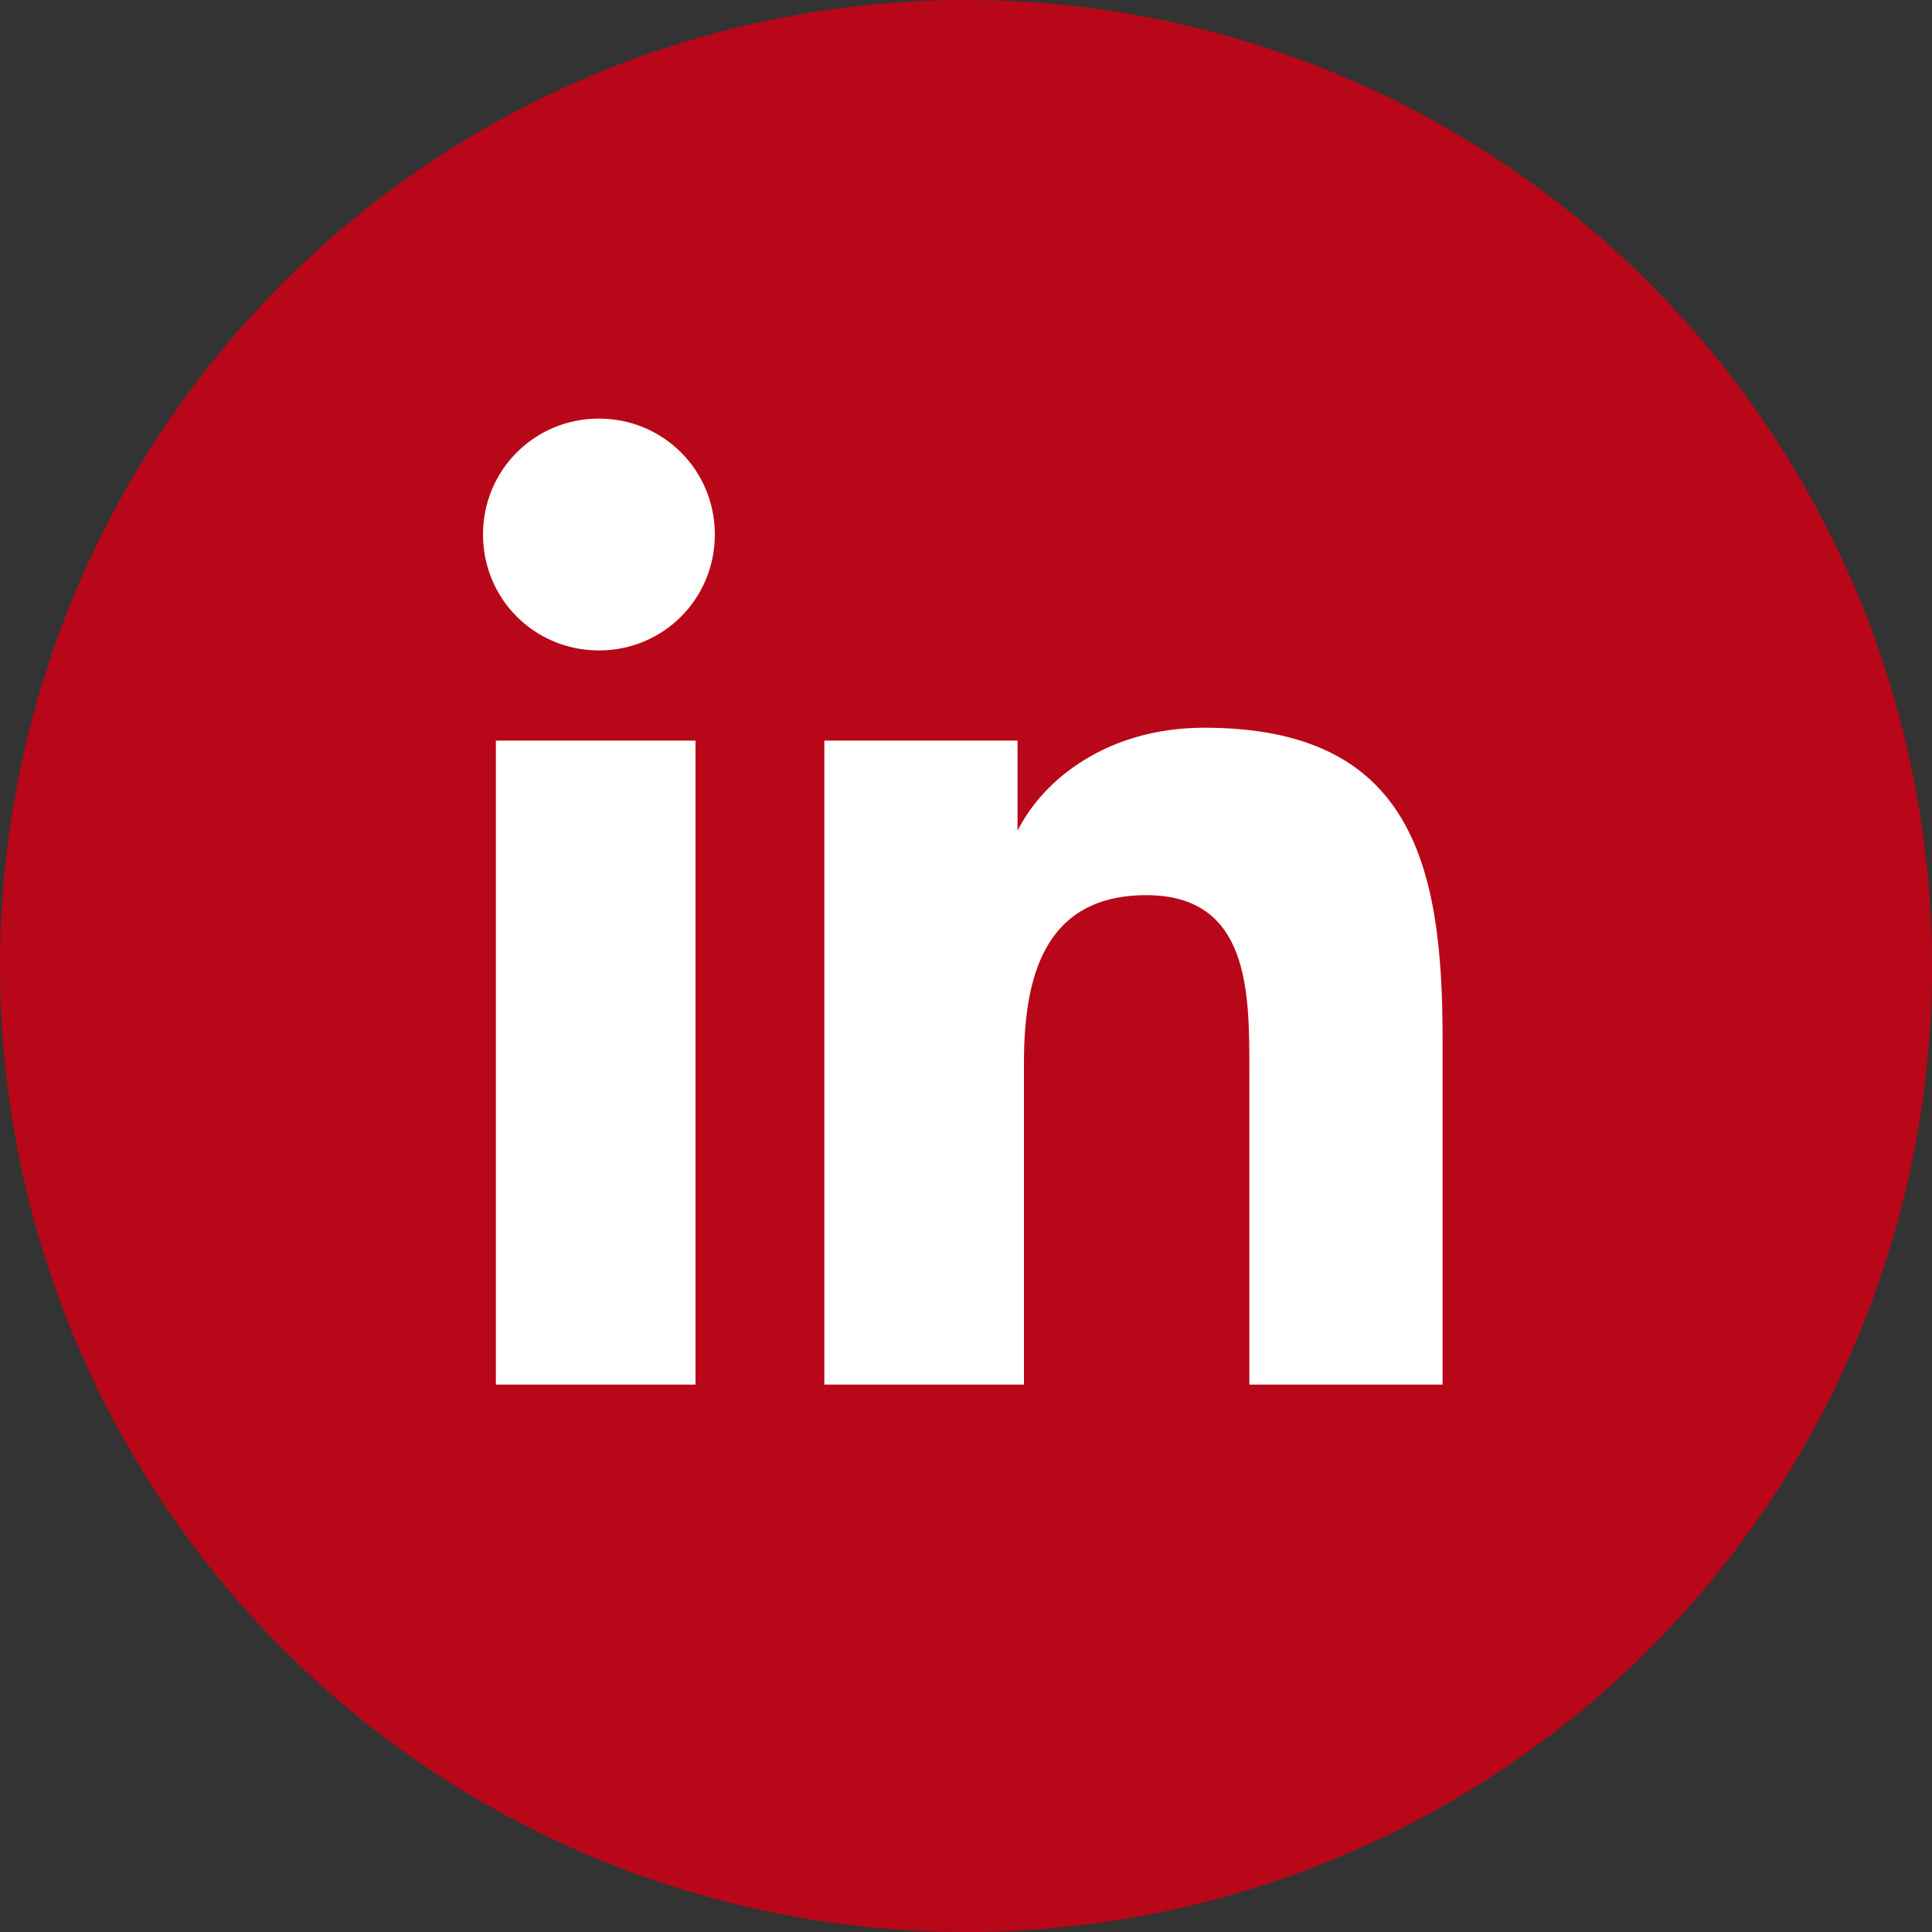<?xml version="1.0" encoding="utf-8"?>
<!-- Generator: Adobe Illustrator 21.1.0, SVG Export Plug-In . SVG Version: 6.00 Build 0)  -->
<svg version="1.1" id="Ebene_1" xmlns="http://www.w3.org/2000/svg" xmlns:xlink="http://www.w3.org/1999/xlink" x="0px" y="0px"
	 width="30px" height="30px" viewBox="0 0 30 30" style="enable-background:new 0 0 30 30;" xml:space="preserve">
<rect x="0" y="0" width="30" height="30" fill="#333333" stroke="none"/>
<style type="text/css">
	.st0{fill:#B80718;}
	.st1{fill:#FFFFFF;}
</style>
<circle class="st0" cx="15" cy="15" r="15"/>
<g>
	<g>
		<path class="st1" d="M10.9,21.5H7.7v-10h3.1V21.5z M9.3,10.1c-1,0-1.8-0.8-1.8-1.8c0-1,0.8-1.8,1.8-1.8c1,0,1.8,0.8,1.8,1.8
			C11.1,9.3,10.3,10.1,9.3,10.1z M22.5,21.5h-3.1v-4.9c0-1.2,0-2.7-1.6-2.7c-1.6,0-1.9,1.3-1.9,2.6v5h-3.1v-10h3v1.4h0
			c0.4-0.8,1.4-1.6,2.9-1.6c3.2,0,3.7,2.1,3.7,4.8V21.5z"/>
	</g>
</g>
</svg>

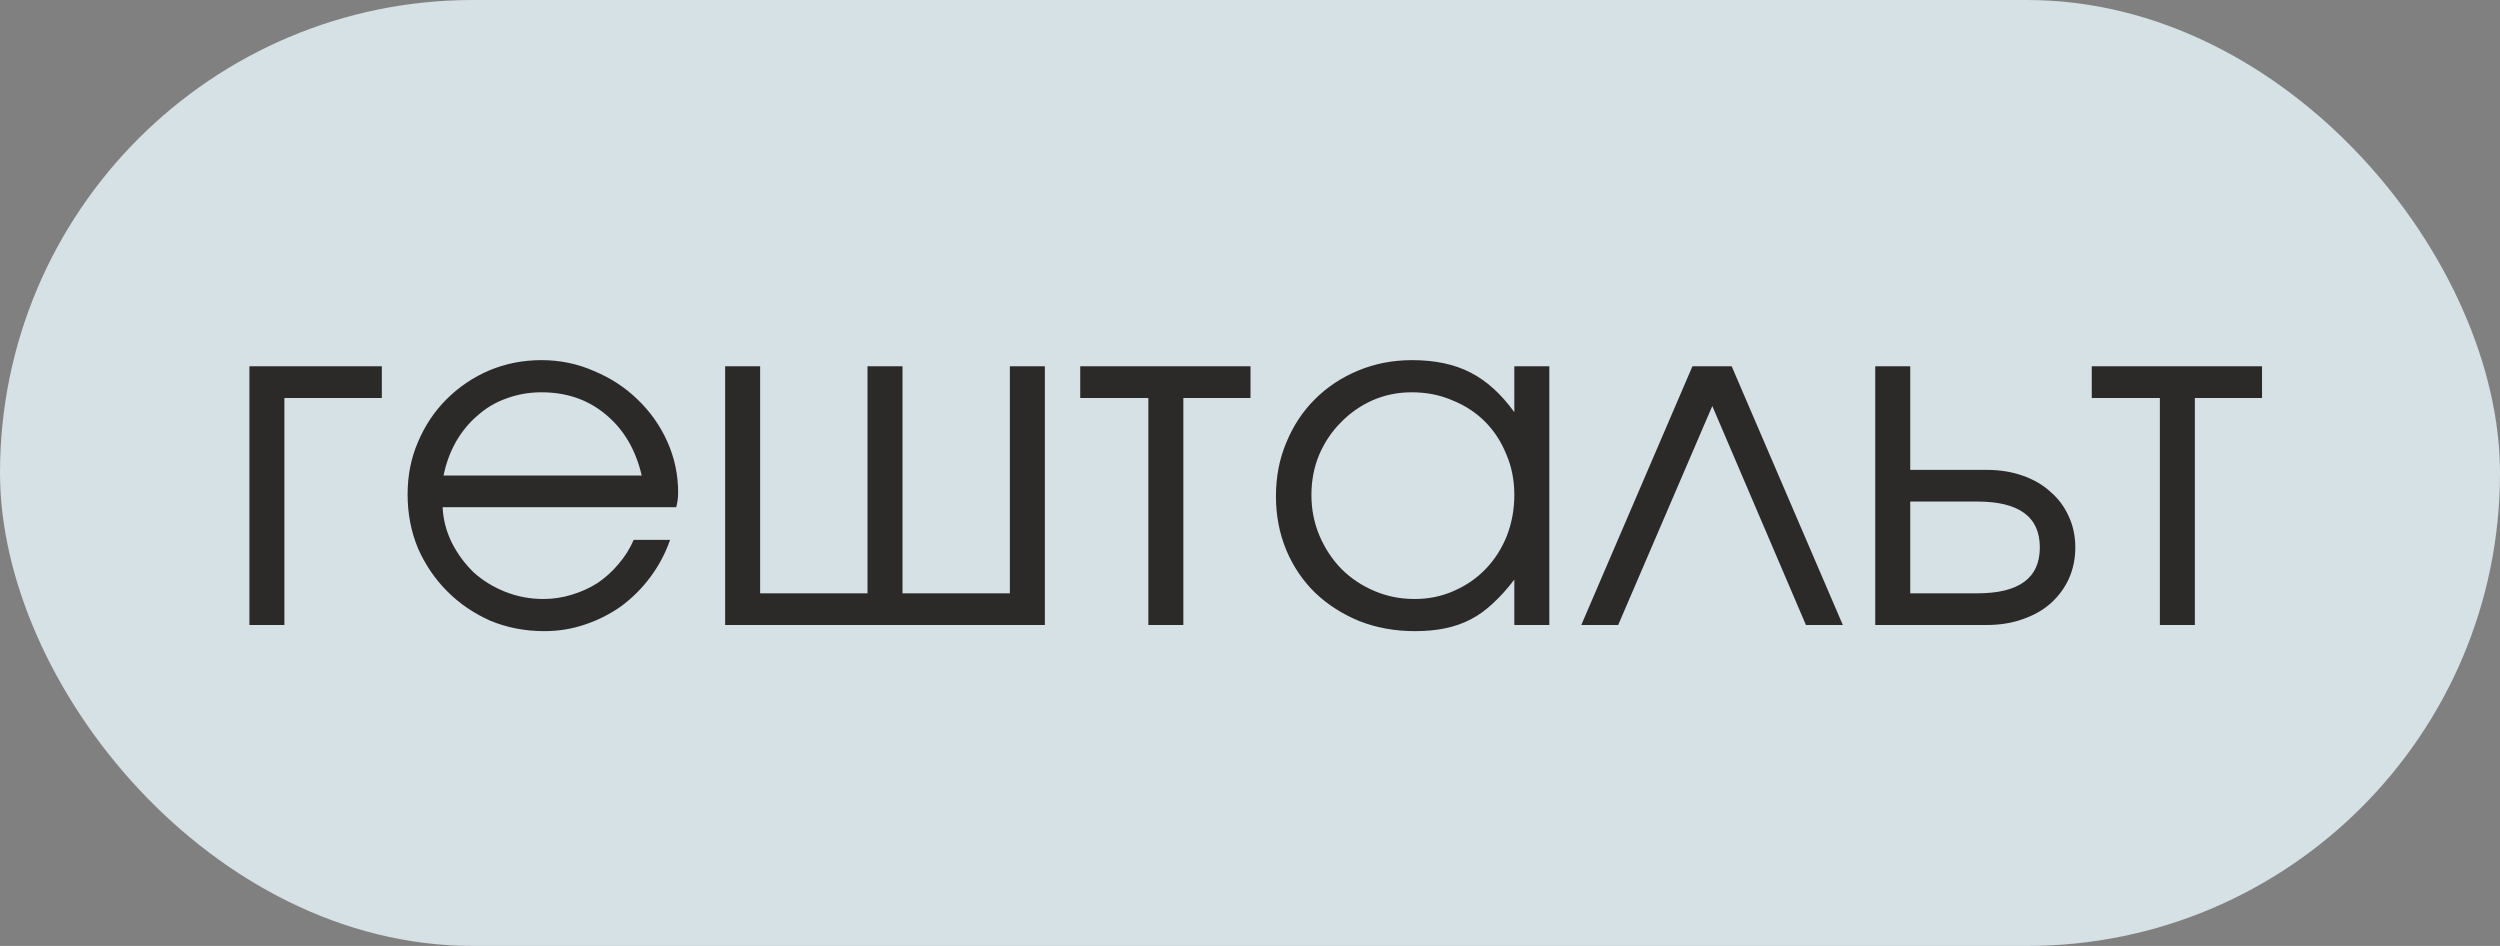 <?xml version="1.0" encoding="UTF-8"?> <svg xmlns="http://www.w3.org/2000/svg" width="74" height="28" viewBox="0 0 74 28" fill="none"><rect x="0" y="0" width="74" height="28" fill="#808080" stroke="none"/><rect width="74" height="28" rx="14" fill="#EAF9FE" fill-opacity="0.8"></rect><path d="M7.382 10.842H11.302V11.78H8.418V18.5H7.382V10.842ZM19.835 15.98C19.695 16.381 19.499 16.75 19.247 17.086C19.004 17.413 18.719 17.697 18.393 17.94C18.066 18.173 17.707 18.355 17.315 18.486C16.932 18.617 16.531 18.682 16.111 18.682C15.541 18.682 15.009 18.579 14.515 18.374C14.029 18.159 13.605 17.87 13.241 17.506C12.877 17.142 12.587 16.717 12.373 16.232C12.167 15.737 12.065 15.205 12.065 14.636C12.065 14.076 12.167 13.558 12.373 13.082C12.578 12.597 12.858 12.177 13.213 11.822C13.577 11.458 13.997 11.173 14.473 10.968C14.958 10.763 15.476 10.66 16.027 10.66C16.577 10.66 17.095 10.767 17.581 10.982C18.075 11.187 18.505 11.467 18.869 11.822C19.242 12.177 19.536 12.592 19.751 13.068C19.965 13.544 20.073 14.048 20.073 14.58C20.073 14.655 20.068 14.729 20.059 14.804C20.049 14.869 20.035 14.939 20.017 15.014H13.101C13.119 15.387 13.213 15.742 13.381 16.078C13.549 16.405 13.763 16.694 14.025 16.946C14.295 17.189 14.608 17.38 14.963 17.52C15.317 17.66 15.691 17.73 16.083 17.73C16.372 17.73 16.652 17.688 16.923 17.604C17.203 17.52 17.459 17.403 17.693 17.254C17.926 17.095 18.131 16.909 18.309 16.694C18.495 16.479 18.645 16.241 18.757 15.98H19.835ZM18.995 14.076C18.817 13.311 18.463 12.709 17.931 12.27C17.408 11.831 16.773 11.612 16.027 11.612C15.663 11.612 15.317 11.673 14.991 11.794C14.673 11.906 14.389 12.074 14.137 12.298C13.885 12.513 13.67 12.774 13.493 13.082C13.325 13.381 13.203 13.712 13.129 14.076H18.995ZM21.464 10.842H22.5V17.562H25.678V10.842H26.714V17.562H29.892V10.842H30.928V18.5H21.464V10.842ZM33.991 11.78H31.975V10.842H37.015V11.78H35.027V18.5H33.991V11.78ZM37.768 14.692C37.768 14.113 37.87 13.581 38.076 13.096C38.281 12.601 38.561 12.177 38.916 11.822C39.28 11.458 39.709 11.173 40.204 10.968C40.698 10.763 41.23 10.66 41.8 10.66C42.472 10.66 43.046 10.781 43.522 11.024C43.998 11.267 44.432 11.659 44.824 12.2V10.842H45.86V18.5H44.824V17.156C44.618 17.427 44.408 17.66 44.194 17.856C43.988 18.052 43.769 18.211 43.536 18.332C43.302 18.453 43.05 18.542 42.78 18.598C42.509 18.654 42.21 18.682 41.884 18.682C41.296 18.682 40.75 18.584 40.246 18.388C39.742 18.183 39.303 17.903 38.93 17.548C38.566 17.193 38.281 16.773 38.076 16.288C37.87 15.793 37.768 15.261 37.768 14.692ZM38.818 14.65C38.818 15.079 38.897 15.481 39.056 15.854C39.214 16.227 39.429 16.554 39.7 16.834C39.98 17.114 40.306 17.333 40.68 17.492C41.053 17.651 41.45 17.73 41.87 17.73C42.29 17.73 42.677 17.651 43.032 17.492C43.396 17.333 43.708 17.119 43.97 16.848C44.24 16.568 44.45 16.241 44.6 15.868C44.749 15.485 44.824 15.079 44.824 14.65C44.824 14.211 44.744 13.81 44.586 13.446C44.436 13.073 44.226 12.751 43.956 12.48C43.685 12.209 43.363 11.999 42.99 11.85C42.626 11.691 42.224 11.612 41.786 11.612C41.375 11.612 40.988 11.691 40.624 11.85C40.269 12.009 39.956 12.228 39.686 12.508C39.415 12.779 39.2 13.101 39.042 13.474C38.892 13.838 38.818 14.23 38.818 14.65ZM50.096 10.842H51.258L54.548 18.5H53.456L50.684 12.018L47.898 18.5H46.806L50.096 10.842ZM58.531 17.562C59.763 17.562 60.379 17.109 60.379 16.204C60.379 15.299 59.763 14.846 58.531 14.846H56.543V17.562H58.531ZM55.507 10.842H56.543V13.908H58.797C59.189 13.908 59.544 13.964 59.861 14.076C60.188 14.188 60.463 14.347 60.687 14.552C60.92 14.748 61.102 14.991 61.233 15.28C61.364 15.56 61.429 15.868 61.429 16.204C61.429 16.54 61.364 16.853 61.233 17.142C61.102 17.422 60.92 17.665 60.687 17.87C60.463 18.066 60.188 18.22 59.861 18.332C59.544 18.444 59.189 18.5 58.797 18.5H55.507V10.842ZM63.932 11.78H61.916V10.842H66.956V11.78H64.968V18.5H63.932V11.78Z" fill="#2B2A29"></path></svg>

## EXERCISE REQUIREMENTS
Give back the listing unchanged. Strip out the pictures.

## THE ANSWER
<?xml version="1.0" encoding="utf-8"?>
<!-- Generator: Adobe Illustrator 21.1.0, SVG Export Plug-In . SVG Version: 6.00 Build 0)  -->
<svg version="1.1" id="Ebene_1" xmlns="http://www.w3.org/2000/svg" xmlns:xlink="http://www.w3.org/1999/xlink" x="0px" y="0px"
	 width="30px" height="30px" viewBox="0 0 30 30" style="enable-background:new 0 0 30 30;" xml:space="preserve">
<rect x="0" y="0" width="30" height="30" fill="#333333" stroke="none"/>
<style type="text/css">
	.st0{fill:#B80718;}
	.st1{fill:#FFFFFF;}
</style>
<circle class="st0" cx="15" cy="15" r="15"/>
<g>
	<g>
		<path class="st1" d="M10.9,21.5H7.7v-10h3.1V21.5z M9.3,10.1c-1,0-1.8-0.8-1.8-1.8c0-1,0.8-1.8,1.8-1.8c1,0,1.8,0.8,1.8,1.8
			C11.1,9.3,10.3,10.1,9.3,10.1z M22.5,21.5h-3.1v-4.9c0-1.2,0-2.7-1.6-2.7c-1.6,0-1.9,1.3-1.9,2.6v5h-3.1v-10h3v1.4h0
			c0.4-0.8,1.4-1.6,2.9-1.6c3.2,0,3.7,2.1,3.7,4.8V21.5z"/>
	</g>
</g>
</svg>

 <?xml version="1.0" encoding="UTF-8"?> <svg xmlns="http://www.w3.org/2000/svg" width="74" height="28" viewBox="0 0 74 28" fill="none"><rect x="0" y="0" width="74" height="28" fill="#808080" stroke="none"/><rect width="74" height="28" rx="14" fill="#EAF9FE" fill-opacity="0.8"></rect><path d="M7.382 10.842H11.302V11.78H8.418V18.5H7.382V10.842ZM19.835 15.98C19.695 16.381 19.499 16.75 19.247 17.086C19.004 17.413 18.719 17.697 18.393 17.94C18.066 18.173 17.707 18.355 17.315 18.486C16.932 18.617 16.531 18.682 16.111 18.682C15.541 18.682 15.009 18.579 14.515 18.374C14.029 18.159 13.605 17.87 13.241 17.506C12.877 17.142 12.587 16.717 12.373 16.232C12.167 15.737 12.065 15.205 12.065 14.636C12.065 14.076 12.167 13.558 12.373 13.082C12.578 12.597 12.858 12.177 13.213 11.822C13.577 11.458 13.997 11.173 14.473 10.968C14.958 10.763 15.476 10.66 16.027 10.66C16.577 10.66 17.095 10.767 17.581 10.982C18.075 11.187 18.505 11.467 18.869 11.822C19.242 12.177 19.536 12.592 19.751 13.068C19.965 13.544 20.073 14.048 20.073 14.58C20.073 14.655 20.068 14.729 20.059 14.804C20.049 14.869 20.035 14.939 20.017 15.014H13.101C13.119 15.387 13.213 15.742 13.381 16.078C13.549 16.405 13.763 16.694 14.025 16.946C14.295 17.189 14.608 17.38 14.963 17.52C15.317 17.66 15.691 17.73 16.083 17.73C16.372 17.73 16.652 17.688 16.923 17.604C17.203 17.52 17.459 17.403 17.693 17.254C17.926 17.095 18.131 16.909 18.309 16.694C18.495 16.479 18.645 16.241 18.757 15.98H19.835ZM18.995 14.076C18.817 13.311 18.463 12.709 17.931 12.27C17.408 11.831 16.773 11.612 16.027 11.612C15.663 11.612 15.317 11.673 14.991 11.794C14.673 11.906 14.389 12.074 14.137 12.298C13.885 12.513 13.67 12.774 13.493 13.082C13.325 13.381 13.203 13.712 13.129 14.076H18.995ZM21.464 10.842H22.5V17.562H25.678V10.842H26.714V17.562H29.892V10.842H30.928V18.5H21.464V10.842ZM33.991 11.78H31.975V10.842H37.015V11.78H35.027V18.5H33.991V11.78ZM37.768 14.692C37.768 14.113 37.87 13.581 38.076 13.096C38.281 12.601 38.561 12.177 38.916 11.822C39.28 11.458 39.709 11.173 40.204 10.968C40.698 10.763 41.23 10.66 41.8 10.66C42.472 10.66 43.046 10.781 43.522 11.024C43.998 11.267 44.432 11.659 44.824 12.2V10.842H45.86V18.5H44.824V17.156C44.618 17.427 44.408 17.66 44.194 17.856C43.988 18.052 43.769 18.211 43.536 18.332C43.302 18.453 43.05 18.542 42.78 18.598C42.509 18.654 42.21 18.682 41.884 18.682C41.296 18.682 40.75 18.584 40.246 18.388C39.742 18.183 39.303 17.903 38.93 17.548C38.566 17.193 38.281 16.773 38.076 16.288C37.87 15.793 37.768 15.261 37.768 14.692ZM38.818 14.65C38.818 15.079 38.897 15.481 39.056 15.854C39.214 16.227 39.429 16.554 39.7 16.834C39.98 17.114 40.306 17.333 40.68 17.492C41.053 17.651 41.45 17.73 41.87 17.73C42.29 17.73 42.677 17.651 43.032 17.492C43.396 17.333 43.708 17.119 43.97 16.848C44.24 16.568 44.45 16.241 44.6 15.868C44.749 15.485 44.824 15.079 44.824 14.65C44.824 14.211 44.744 13.81 44.586 13.446C44.436 13.073 44.226 12.751 43.956 12.48C43.685 12.209 43.363 11.999 42.99 11.85C42.626 11.691 42.224 11.612 41.786 11.612C41.375 11.612 40.988 11.691 40.624 11.85C40.269 12.009 39.956 12.228 39.686 12.508C39.415 12.779 39.2 13.101 39.042 13.474C38.892 13.838 38.818 14.23 38.818 14.65ZM50.096 10.842H51.258L54.548 18.5H53.456L50.684 12.018L47.898 18.5H46.806L50.096 10.842ZM58.531 17.562C59.763 17.562 60.379 17.109 60.379 16.204C60.379 15.299 59.763 14.846 58.531 14.846H56.543V17.562H58.531ZM55.507 10.842H56.543V13.908H58.797C59.189 13.908 59.544 13.964 59.861 14.076C60.188 14.188 60.463 14.347 60.687 14.552C60.92 14.748 61.102 14.991 61.233 15.28C61.364 15.56 61.429 15.868 61.429 16.204C61.429 16.54 61.364 16.853 61.233 17.142C61.102 17.422 60.92 17.665 60.687 17.87C60.463 18.066 60.188 18.22 59.861 18.332C59.544 18.444 59.189 18.5 58.797 18.5H55.507V10.842ZM63.932 11.78H61.916V10.842H66.956V11.78H64.968V18.5H63.932V11.78Z" fill="#2B2A29"></path></svg>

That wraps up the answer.